Старик по-прежнему стоял перед статуей. Он, казалось, оцепенел, ни разу даже не шелохнулся, и мне вдруг сделалось страшно при мысли: какая из этих статуй оживет первой? Снова меня охватил уже знакомый мне безотчетный ужас, тот же, что я испытал на спиритическом сеансе, и, как тогда, в моем сердце раздался голос Офелии:
— Будь начеку!
В эту минуту я увидел, что седая борода Мучелькнауса затряслась, губы шевельнулись — я понял, он что-то сказал статуе. В толпе за моей спиной разом все смолкло, настала мертвая тишина, не доносилось даже тихого пения, которое прежде было слышно в дальнем конце проулка, где тоже теснились люди. Тишину нарушало лишь то и дело раздававшееся позвякивание.
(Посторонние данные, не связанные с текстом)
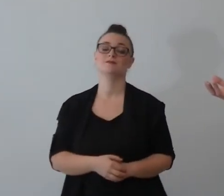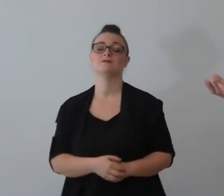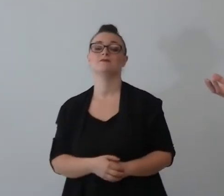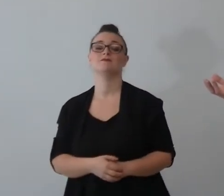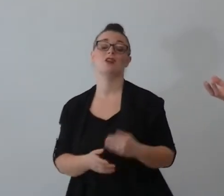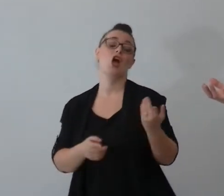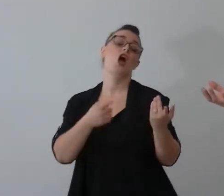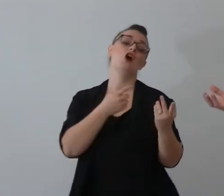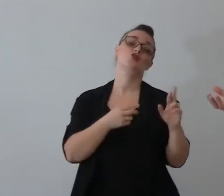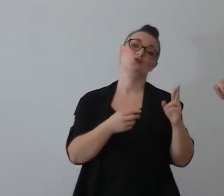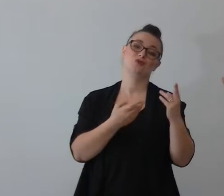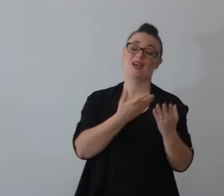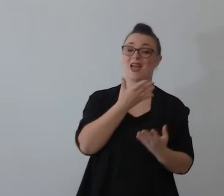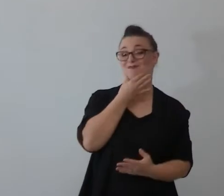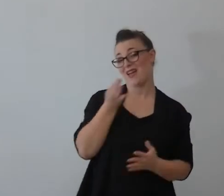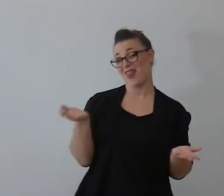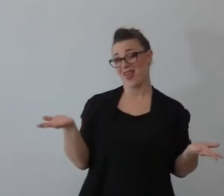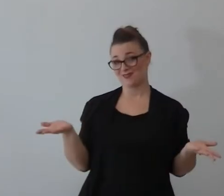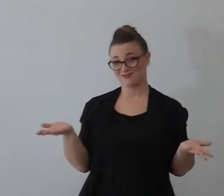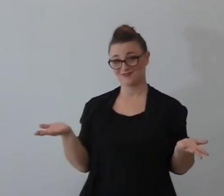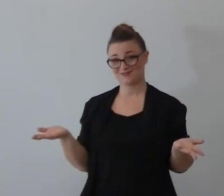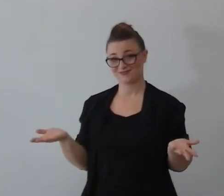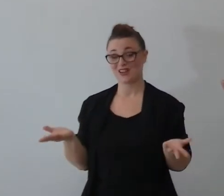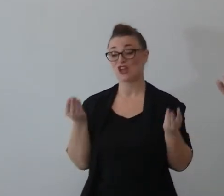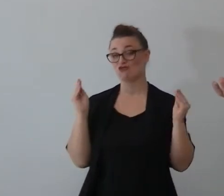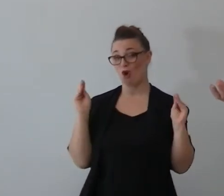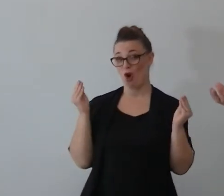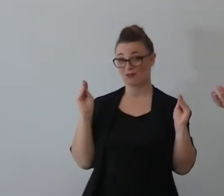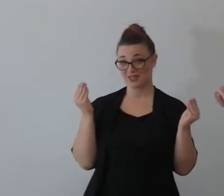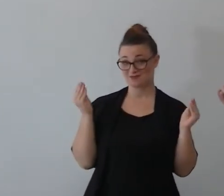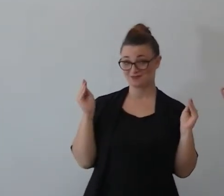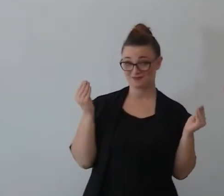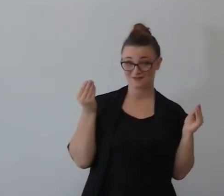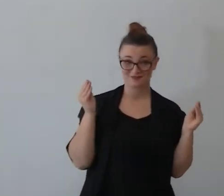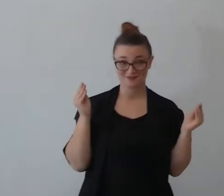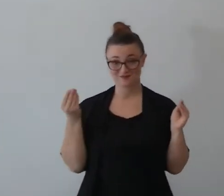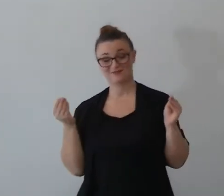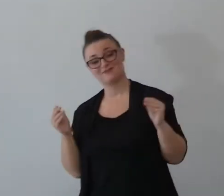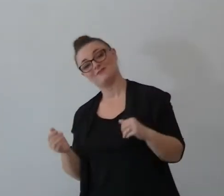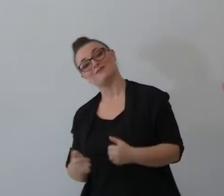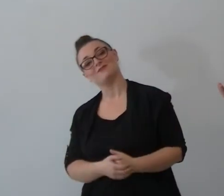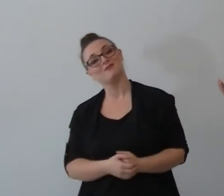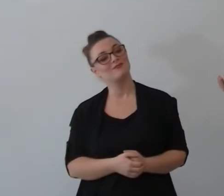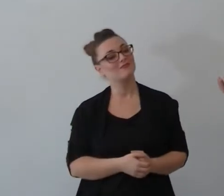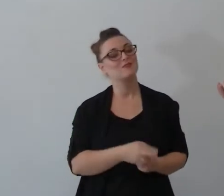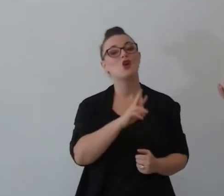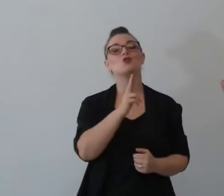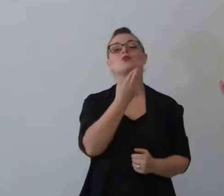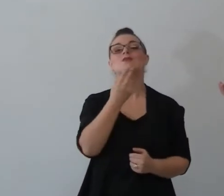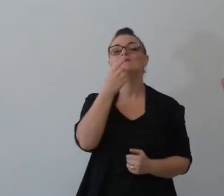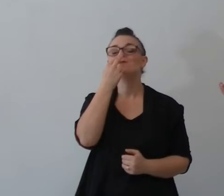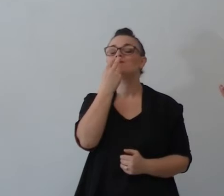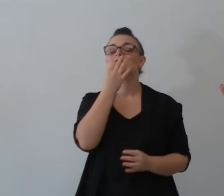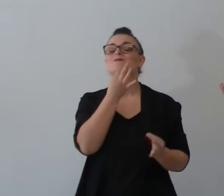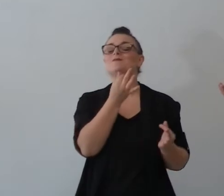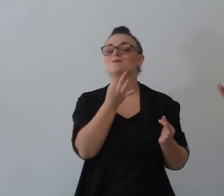è bella Ruth è giovane Ruth è profumata e

Я оглянулся и обнаружил источник этих звуков — забившийся в подворотню, похоже прятавшийся от гробовщика, жирный плешивый старик с лавровым венком на лбу. Он прикрывал лицо рукой, а в другой руке держал церковную кружку для пожертвований. А рядом в черном шелковом платье, накрашенная так, что не сразу узнаешь… фрау Аглая! Конечно, он, актер Парис, кто же еще! Нос сливой, привычный глядеть в рюмку, заплывшие жиром, едва различимые глаза-щелки… Собирал пожертвования паломников, а фрау Аглая усердно помогала. Я заметил, что время от времени она вдруг втягивала голову в плечи, с опаской поглядывая в сторону своего бывшего мужа, похоже, боялась, что Мучелькнаус ее увидит, а потом опять принималась за дело — что-то шептала стоявшим вокруг, и люди, не сводя глаз со статуи Мадонны, шарили в карманах, и монеты со звоном падали в жестяную кружку.
При виде этой парочки все во мне закипело от злости, я устремил на комедианта негодующий взгляд, и тут наши глаза встретились: у актера отвисла челюсть, физиономия сделалась землисто-серой, он меня узнал. От ужаса чуть не выронил свою кружку.
Я с отвращением отвел взгляд.
— Она пошевелилась! Заговорила! Пресвятая Дева, моли Бога о душах наших! — В толпе вдруг послышался шепот, прерывистый, сдавленный шепот охваченных ужасом людей. — Заговорила! С ним, с ним заговорила! Смотрите, смотрите! Склонила голову! — бормотали дрожащие губы. — Смотрите, смотрите, опять! — неслось от одного к другому.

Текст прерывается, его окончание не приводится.